Word of the Day: JA RULE (46D: "Pain Is Love" rapper) —

Jeffrey Atkins (born February 29, 1976), better known by his stage name Ja Rule or Mockaveli, is an American rapper, singer, and actor from Queens, New York City.
Born in Hollis, Queens, he began his career in the group Cash Money Click and debuted in 1999 withVenni Vetti Vecci and its single "Holla Holla". From 2000 to 2004, Ja Rule had several hits that made the top 20 of the US Billboard Hot 100 chart, including "Between Me and You" with Christina Milian, "I'm Real (Murder Remix)" with Jennifer Lopez, "Always on Time" with Ashanti, "Mesmerize" also with Ashanti, and "Wonderful" with R. Kelly and Ashanti. During the 2000s, Ja Rule was signed to The Inc. Records, which was formerly known as Murder Inc. and was led by Irv Gotti. Ja Rule has sold over 30 million records worldwide and was the fastest selling rapper in 2001. He is also known for some well-publicized feuds with other rappers (in-particular 50 Cent and Eminem). (wikipedia)
• • •

First of all, ICE SKATES is correct because the Avalanche are an NHL team (62A: Avalanche gear). [added 8:57 am because the complaints / queries are already piling up]

Onward:

A decent puzzle that ended on a sour note for me. TAU BETA PI is just random Greek letters to me, and so it was with no pleasure at all that I uncovered it (slowly) (50A: Collegiate honor society of Bloomberg and Iacocca). Since it was the only way into that SW corner, that little corner took as long as the entire top half of the puzzle, and with no payoff (except JA RULE, which wasn't so much payoff as "o man, I forgot he existed" flashback). There are so many Greek-named societies ... none of them is particularly resonant. Just letters. Disappointing to be so badly slowed down by the least interesting long answer in the puzzle. But these things happen.

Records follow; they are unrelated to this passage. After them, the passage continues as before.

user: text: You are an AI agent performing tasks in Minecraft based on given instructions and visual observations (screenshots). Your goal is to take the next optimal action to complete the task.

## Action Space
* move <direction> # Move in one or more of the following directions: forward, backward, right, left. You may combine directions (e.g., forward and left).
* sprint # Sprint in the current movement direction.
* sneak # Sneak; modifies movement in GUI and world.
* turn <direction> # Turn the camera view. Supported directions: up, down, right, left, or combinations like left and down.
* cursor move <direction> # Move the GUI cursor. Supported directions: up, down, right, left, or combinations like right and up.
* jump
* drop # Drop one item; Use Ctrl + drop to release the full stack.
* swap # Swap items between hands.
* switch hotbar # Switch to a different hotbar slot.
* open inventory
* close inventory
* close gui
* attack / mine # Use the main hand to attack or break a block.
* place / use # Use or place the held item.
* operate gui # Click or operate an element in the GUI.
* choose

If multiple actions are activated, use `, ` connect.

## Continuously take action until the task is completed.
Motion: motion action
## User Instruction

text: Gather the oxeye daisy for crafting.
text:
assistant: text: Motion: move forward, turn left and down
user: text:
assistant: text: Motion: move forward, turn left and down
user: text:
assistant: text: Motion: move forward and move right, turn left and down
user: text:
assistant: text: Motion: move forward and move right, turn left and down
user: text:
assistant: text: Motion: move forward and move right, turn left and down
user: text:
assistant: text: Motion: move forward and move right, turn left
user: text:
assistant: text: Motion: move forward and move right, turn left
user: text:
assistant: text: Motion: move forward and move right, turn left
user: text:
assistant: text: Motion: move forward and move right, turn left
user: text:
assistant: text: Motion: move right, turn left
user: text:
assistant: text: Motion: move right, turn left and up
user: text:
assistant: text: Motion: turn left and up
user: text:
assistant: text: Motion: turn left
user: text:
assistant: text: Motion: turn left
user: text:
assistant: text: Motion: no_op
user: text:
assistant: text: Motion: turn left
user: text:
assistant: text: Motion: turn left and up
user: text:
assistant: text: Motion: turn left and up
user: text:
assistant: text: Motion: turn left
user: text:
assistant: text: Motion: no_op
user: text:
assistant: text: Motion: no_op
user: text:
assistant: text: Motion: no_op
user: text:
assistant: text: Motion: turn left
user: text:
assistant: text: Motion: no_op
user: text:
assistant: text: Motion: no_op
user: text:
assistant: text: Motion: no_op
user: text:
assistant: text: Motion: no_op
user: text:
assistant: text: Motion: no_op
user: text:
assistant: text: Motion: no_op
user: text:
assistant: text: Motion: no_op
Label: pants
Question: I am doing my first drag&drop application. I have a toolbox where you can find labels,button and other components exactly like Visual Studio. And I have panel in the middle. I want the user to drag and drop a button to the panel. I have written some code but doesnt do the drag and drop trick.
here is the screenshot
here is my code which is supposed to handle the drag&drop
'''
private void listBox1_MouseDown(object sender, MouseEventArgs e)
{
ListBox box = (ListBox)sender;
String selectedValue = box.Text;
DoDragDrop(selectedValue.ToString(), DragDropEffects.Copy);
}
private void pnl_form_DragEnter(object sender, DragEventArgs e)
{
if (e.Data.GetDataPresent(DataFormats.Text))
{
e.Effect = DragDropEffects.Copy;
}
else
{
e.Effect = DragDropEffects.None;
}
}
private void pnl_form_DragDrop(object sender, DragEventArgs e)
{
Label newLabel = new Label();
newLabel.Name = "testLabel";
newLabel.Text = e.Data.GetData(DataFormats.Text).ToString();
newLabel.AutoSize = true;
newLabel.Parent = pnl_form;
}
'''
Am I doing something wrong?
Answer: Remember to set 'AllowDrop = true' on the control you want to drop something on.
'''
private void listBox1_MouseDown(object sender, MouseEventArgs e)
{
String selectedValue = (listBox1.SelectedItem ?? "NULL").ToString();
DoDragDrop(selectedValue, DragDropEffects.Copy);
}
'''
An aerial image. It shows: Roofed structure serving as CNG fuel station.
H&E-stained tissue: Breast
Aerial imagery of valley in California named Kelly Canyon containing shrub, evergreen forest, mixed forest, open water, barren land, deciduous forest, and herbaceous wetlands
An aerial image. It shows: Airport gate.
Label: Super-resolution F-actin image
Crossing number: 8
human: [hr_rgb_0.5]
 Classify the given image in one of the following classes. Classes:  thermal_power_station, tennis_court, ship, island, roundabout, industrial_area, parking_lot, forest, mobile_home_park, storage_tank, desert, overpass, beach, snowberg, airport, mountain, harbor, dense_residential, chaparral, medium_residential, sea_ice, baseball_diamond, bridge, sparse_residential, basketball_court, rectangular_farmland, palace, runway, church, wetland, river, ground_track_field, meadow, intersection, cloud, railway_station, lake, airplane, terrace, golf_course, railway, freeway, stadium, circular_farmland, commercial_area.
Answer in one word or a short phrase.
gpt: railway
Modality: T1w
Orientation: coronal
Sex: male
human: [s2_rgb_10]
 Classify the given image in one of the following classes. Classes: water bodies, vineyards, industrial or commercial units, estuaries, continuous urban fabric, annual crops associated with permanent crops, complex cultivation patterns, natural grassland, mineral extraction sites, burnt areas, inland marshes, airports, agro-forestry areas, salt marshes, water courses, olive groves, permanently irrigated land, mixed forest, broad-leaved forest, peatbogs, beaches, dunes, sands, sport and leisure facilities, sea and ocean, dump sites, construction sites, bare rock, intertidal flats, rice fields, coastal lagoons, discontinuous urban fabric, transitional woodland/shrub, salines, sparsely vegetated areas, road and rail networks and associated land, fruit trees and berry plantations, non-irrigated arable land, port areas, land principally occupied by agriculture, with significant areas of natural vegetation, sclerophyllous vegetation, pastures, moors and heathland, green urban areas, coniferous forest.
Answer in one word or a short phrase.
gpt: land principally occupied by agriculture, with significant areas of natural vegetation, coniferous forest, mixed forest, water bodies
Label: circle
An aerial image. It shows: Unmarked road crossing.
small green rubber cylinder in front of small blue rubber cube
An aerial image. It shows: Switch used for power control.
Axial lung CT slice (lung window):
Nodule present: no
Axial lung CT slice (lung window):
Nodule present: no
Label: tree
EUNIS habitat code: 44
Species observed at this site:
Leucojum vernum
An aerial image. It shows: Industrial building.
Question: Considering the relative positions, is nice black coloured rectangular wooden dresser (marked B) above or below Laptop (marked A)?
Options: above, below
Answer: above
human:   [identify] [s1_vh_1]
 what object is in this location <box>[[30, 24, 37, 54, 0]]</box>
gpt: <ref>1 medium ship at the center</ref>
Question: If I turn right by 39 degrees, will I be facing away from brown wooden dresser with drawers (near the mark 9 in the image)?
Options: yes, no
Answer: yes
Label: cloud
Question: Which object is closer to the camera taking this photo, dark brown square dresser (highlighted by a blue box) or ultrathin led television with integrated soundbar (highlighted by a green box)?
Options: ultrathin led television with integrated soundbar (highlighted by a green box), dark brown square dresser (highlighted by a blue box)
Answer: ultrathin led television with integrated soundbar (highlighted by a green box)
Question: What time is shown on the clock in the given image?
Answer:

I liked most of the rest of the puzzle. SE gave me some trouble too—at one point I had the first four letters of all the longish Downs in that area and still couldn't break through. Eventually just guessed ONE-TIMER (seemed like something I'd heard, though I don't care about hockey; I think it's where you score off an assist with a single touch of your stick, i.e. instead of controlling the puck and then shooting), and then that corner went down fast. The top half, where I started, went down so fast I barely knew it was there, so this felt *very* uneven, difficulty-wise. I wrote in DOHA, QATAR immediately, first thing, no crosses (1A: Al Jazeera locale). APNEA and ENOLA got me the traction I needed to finish the NW corner off (do *not* like OBOE PART—the duck is the OBOE! PART shmart. Redundancy! 2D: The duck in "Peter and the Wolf"). I think ORE CAR is unfair (12D: Rock carrier), since ORE CAB seems just as plausible, and BEY is just as much as a [Foreign leader] as REY is. Booooooo! Clue really should've specified nationality of the "leader" in question. KLINGER was a gimme (43D: "M*A*S*H" character from Toledo, Ohio), AGENT K was not (40A: Jones's "Men in Black" role), so they kind of canceled each other out. I expect a lot from Quarfoot (one of the great themeless constructors), and this wasn't quite up to his usual standards. But still pretty good, overall.

Bullets:
  • 24A: Snarky reply after a lecture ("IS THAT ALL?") — I assume this is a "lecture" in the sense of a "stern talking-to." I've lectured quite a bit in college classrooms and have never heard "IS THAT ALL?" at the end (though some may have been thinking that, I don't know).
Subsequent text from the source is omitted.